Themes are memes, sometimes

“Themes come cheap,” I said one night in the seminar, rather flippantly. “They’re practically free.”

What I was suggesting was that themes are often obvious in a way style and overall form aren’t. They rise out at us unbidden. Before people watched The Hunt, they had been alerted to look for certain meanings. Mass media, critics, and the filmmakers had primed us to catch the big ideas the film was laying out.

That’s because films take meanings not only as effects but also materials. Films are made out of images and sounds, but they’re organized through form and style . . . and themes. If we look at it from the filmmaker’s standpoint, themes (like subject matter) can be treated as stuff to be worked on through technique. Like subject matter, they can float “obviously” on the surface, protruding a bit but still tugged by the flow of form and style.

In the Poetics Aristotle posited the category of “thought” as a component of tragedy. This term appears to mean something rather special. “Thought” isn’t what characters in drama think, or even what the playwright thinks. Rather, it’s what the characters say: their efforts to crystallize ideas and feelings in statements. The functions of thought in this sense “are demonstration, refutation, the arousal of emotions such as pity, fear, anger, and such like, and arguing for the importance or unimportance of things.”

The plot, Aristotle says, must create its effects through events and their patterning, “but these must appear without explicit statement, whereas in the spoken language it is the speaker and his words which produce the effect.” Thought in Ari’s sense spells out what action leaves tacit.

The Hunt does both. Ideas, images, and stereotypes circulating in US society have been taken by the filmmakers as already-fairly-processed material to be reworked into images and sounds and story. The explicit and implicit meanings critics build out from the film are the result of form and style shaping all this stuff into a perceptible, comprehensible experience. At moments, though, the oligarchs and the Deplorables state their sociopolitical views pretty frankly, as in the text message above. As Ari puts it, “they argue for the importance and unimportance of things.” Thought-as-theme is a prime cue for interpretation.

Themes can become not only material but also pattern. Certain genres of narrative are heavily “thematized” in that their organization is based on explicit or implicit meanings. Allegory is a classic instance. The Pilgrim’s Progress has a thematic armature, crystallized in the journey of Pilgrim to the Heavenly City. Ditto Animal Farm, which is usually taken as an allegory of the Russian Revolution. (Interestingly, The Hunt cites Animal Farm.) I expect that right now some grad students are writing papers about The Hunt as an allegory of working-class resistance.

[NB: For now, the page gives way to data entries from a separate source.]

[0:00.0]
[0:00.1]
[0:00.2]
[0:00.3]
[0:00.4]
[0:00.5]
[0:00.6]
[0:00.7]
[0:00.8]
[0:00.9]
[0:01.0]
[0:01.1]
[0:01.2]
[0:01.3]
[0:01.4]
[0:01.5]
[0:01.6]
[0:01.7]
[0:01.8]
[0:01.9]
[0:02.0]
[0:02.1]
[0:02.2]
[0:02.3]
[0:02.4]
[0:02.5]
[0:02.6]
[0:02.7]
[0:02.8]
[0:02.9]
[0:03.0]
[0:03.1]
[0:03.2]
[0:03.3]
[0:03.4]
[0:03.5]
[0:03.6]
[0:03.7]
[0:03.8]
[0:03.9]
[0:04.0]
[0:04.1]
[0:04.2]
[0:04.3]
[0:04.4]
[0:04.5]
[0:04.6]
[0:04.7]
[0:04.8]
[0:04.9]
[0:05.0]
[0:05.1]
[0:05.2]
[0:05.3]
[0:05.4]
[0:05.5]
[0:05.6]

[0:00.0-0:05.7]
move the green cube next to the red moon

Other heavily thematic genres are parables, fables, and the like. Crystal’s childhood story of the rabbit and the turtle becomes a parable of social injustice.

There are lots of ways that themes provide formal architecture. Some early films, like One Is Business, the Other Crime (1912), depend on thematic contrast. Here the fate of a poor man forced into thievery is juxtaposed with the law’s ignoral of a rich man’s transgressions. (Class resentment didn’t start with The Hunt.) Griffith’s Intolerance (1916) tries for a four-way thematic comparison/contrast of prejudice through the ages.

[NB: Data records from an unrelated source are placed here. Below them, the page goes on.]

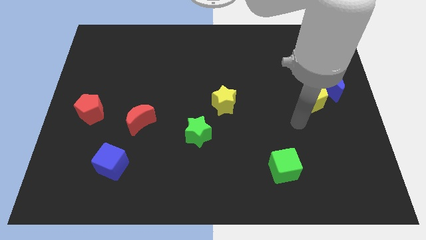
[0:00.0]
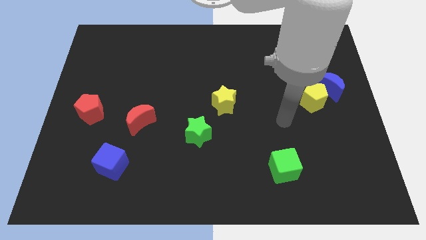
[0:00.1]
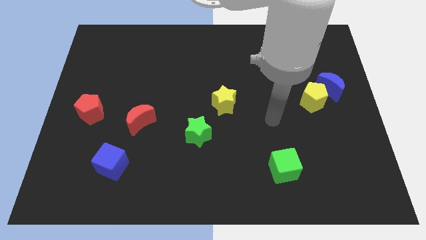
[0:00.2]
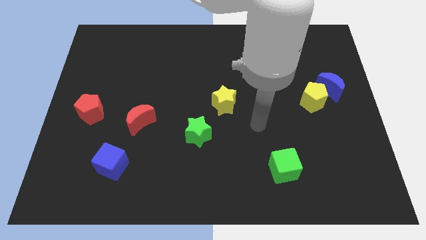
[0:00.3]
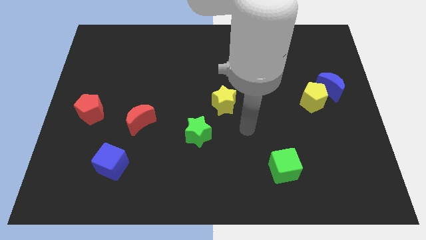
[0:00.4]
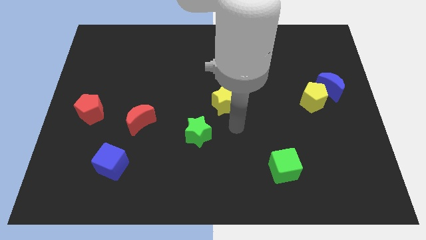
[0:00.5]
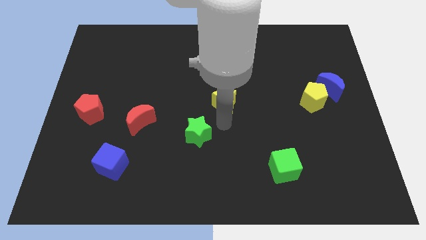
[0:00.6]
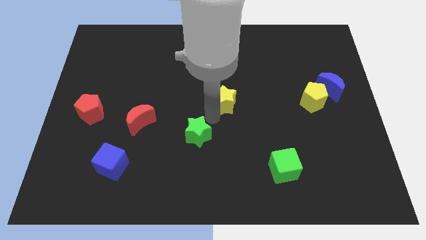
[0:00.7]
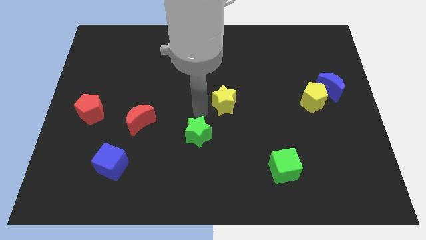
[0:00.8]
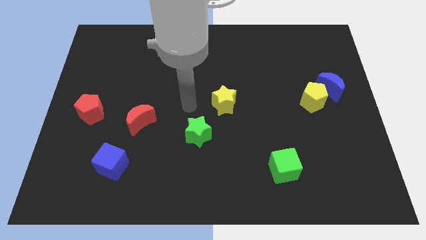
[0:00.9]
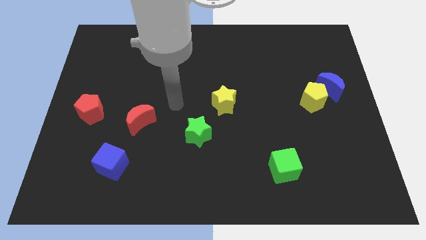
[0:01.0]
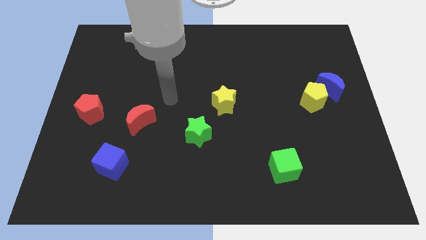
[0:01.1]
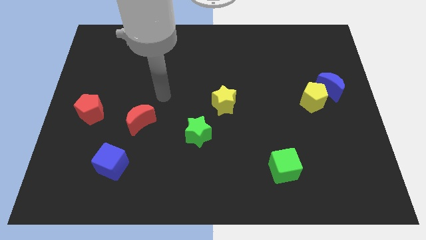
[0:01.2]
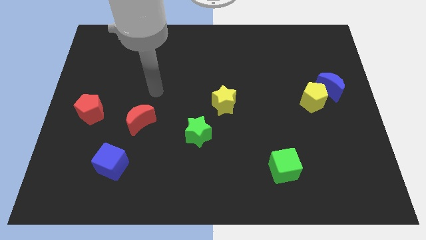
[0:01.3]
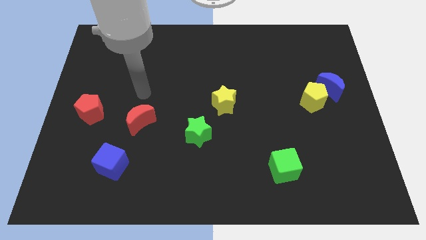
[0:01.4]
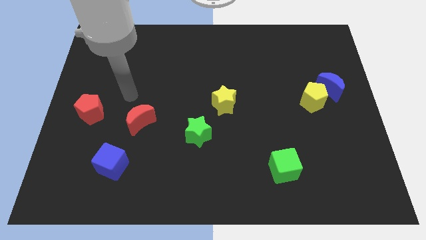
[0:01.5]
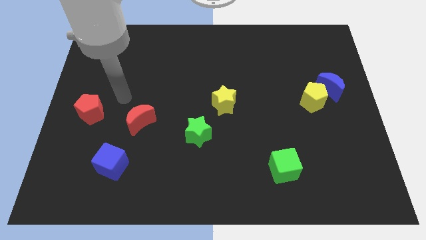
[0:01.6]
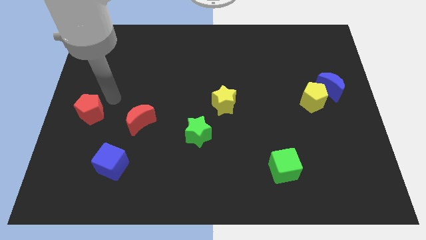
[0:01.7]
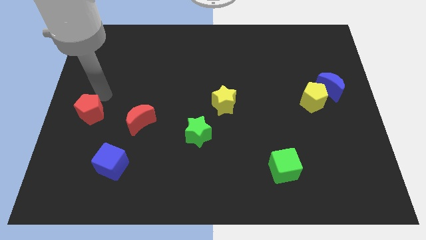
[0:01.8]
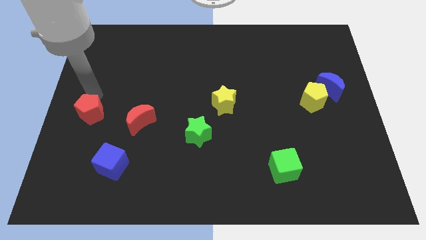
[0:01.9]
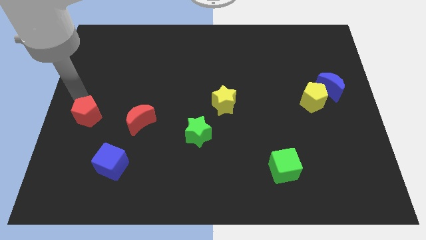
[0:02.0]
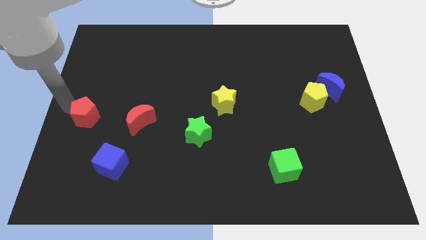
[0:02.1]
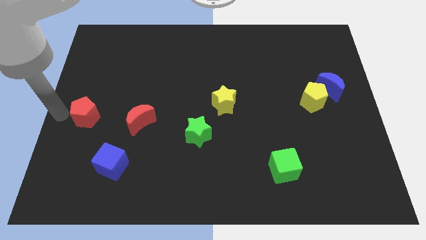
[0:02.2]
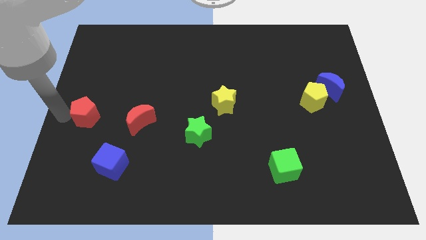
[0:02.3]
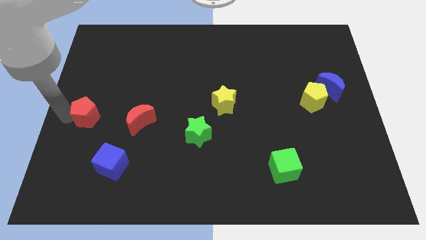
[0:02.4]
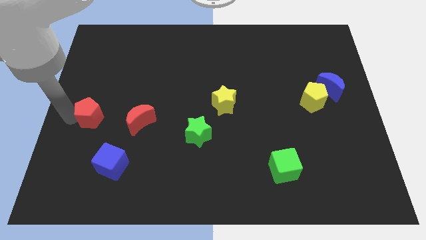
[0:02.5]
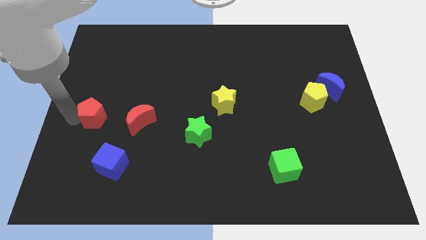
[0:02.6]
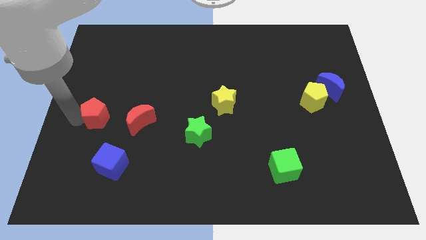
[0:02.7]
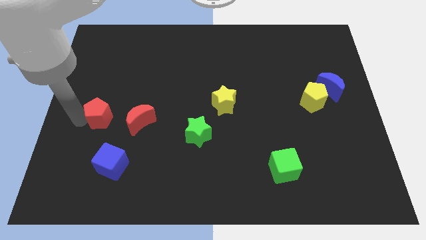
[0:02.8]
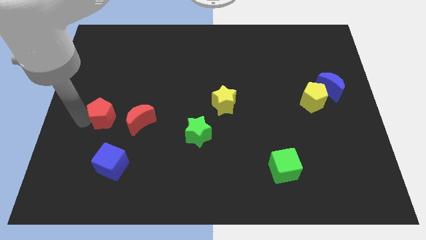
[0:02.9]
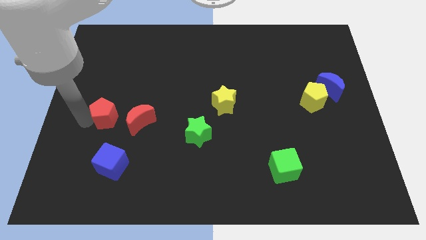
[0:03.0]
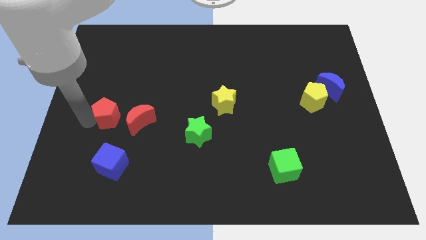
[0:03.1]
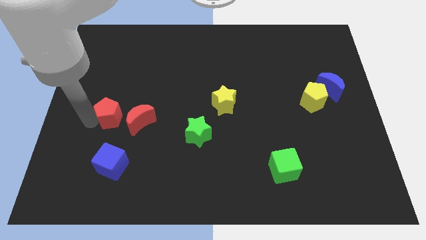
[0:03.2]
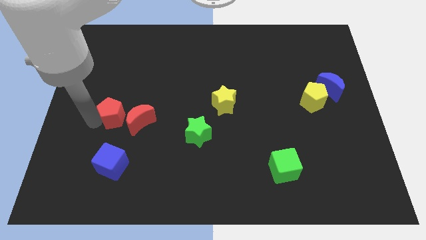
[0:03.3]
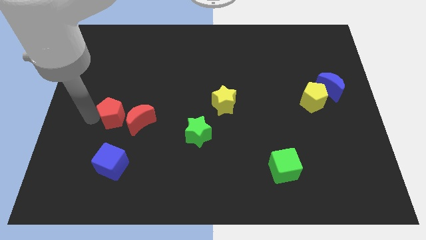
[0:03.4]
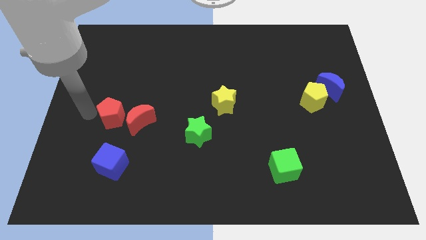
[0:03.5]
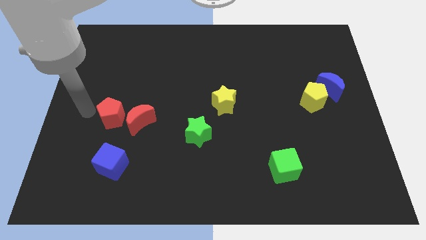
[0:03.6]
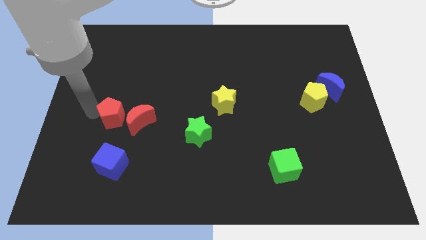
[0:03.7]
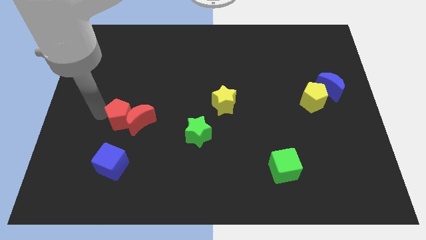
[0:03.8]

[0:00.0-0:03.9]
put the red pentagon to the red moon

We also have “social cross-section” films, where stages of the narrative enact encounters with various institutions. As critics have noted, in The Bicycle Thieves(1948), Ricci’s search for his stolen bike brings him into contact with the labor union, the government, the church, and the bourgeoisie–none of whom are of help. A similar cross-sectional dynamic suggests social critique in Mizoguchi’s Life of Oharu (1952) and Fellini’s La Dolce Vita (1960).

Granted, in such modes, the film’s thematic skeleton can seem obvious. Other films leave meaning more free-floating, and even allegories can be less clear-cut than they may seem. (Think of Kafka.) I just want to signal, for the sake of comprehensive coverage, that filmmakers, like other artists, draw upon abstract ideas and meanings as materials to be reworked by their art.

To be good critics, we ought to be aware of both the materials and the transformations that come from them. I suggest this in a piece I’ve flagged before, “Zip. Zero. Zeitgeist.”

 

The filmmakers fight the power (of viewers)

The filmmaker’s power wanes as we move toward appropriation. But not completely. Filmmakers can use themes to manage a film’s reception.

For example, the Russian Formalist literary theorists floated the idea of the “biographical legend.” This is a public version of the artist’s life that can guide interpretations of the work. Boris Eichenbaum suggested that the Americans had one biographical legend for O. Henry, but the Russians built up a different one.

Critics and commentators build up the biographical legend in order to support interpretations, but the artist can contribute to the process. When Christopher Nolan tells us that as a youth he loved Star Wars, noir movies, and experimental fiction, he’s inviting us to put his own “intellectual blockbusters” in a certain perspective. He’s flagging certain cues, inviting certain mental sets, coaxing us toward certain inferences.

It’s not news. Contemporary critics took Douglas Sirk’s 1950s melodramas as glossy reflections of the superficial values of Eisenhower America. But when he was interviewed by Jon Halliday, he presented himself as offering a Brechtian critique of those values. Later critics eagerly started scanning the films for narrative and stylistic cues that suggested implicit meanings that subverted the suburban bourgeoisie. Chabrol, typically jaundiced, put it this way:

I need a degree of critical support for my films to succeed: without that they can fall flat on their faces. So, what do you have to do? You have to help the critics with their notices, right? So, I give them a hand. “Try with Eliot and see if you find me there.” Or “How do you fancy Racine?” I give them some little things to grasp at. In Le Boucher I stuck Balzac there in the middle, and they threw themselves on it like poverty upon the world. It’s not good to leave them staring at a blank sheet of paper, not knowing how to begin. . . . “This film is definitely Balzacian,” and there you are; after that they can go on to say whatever they want.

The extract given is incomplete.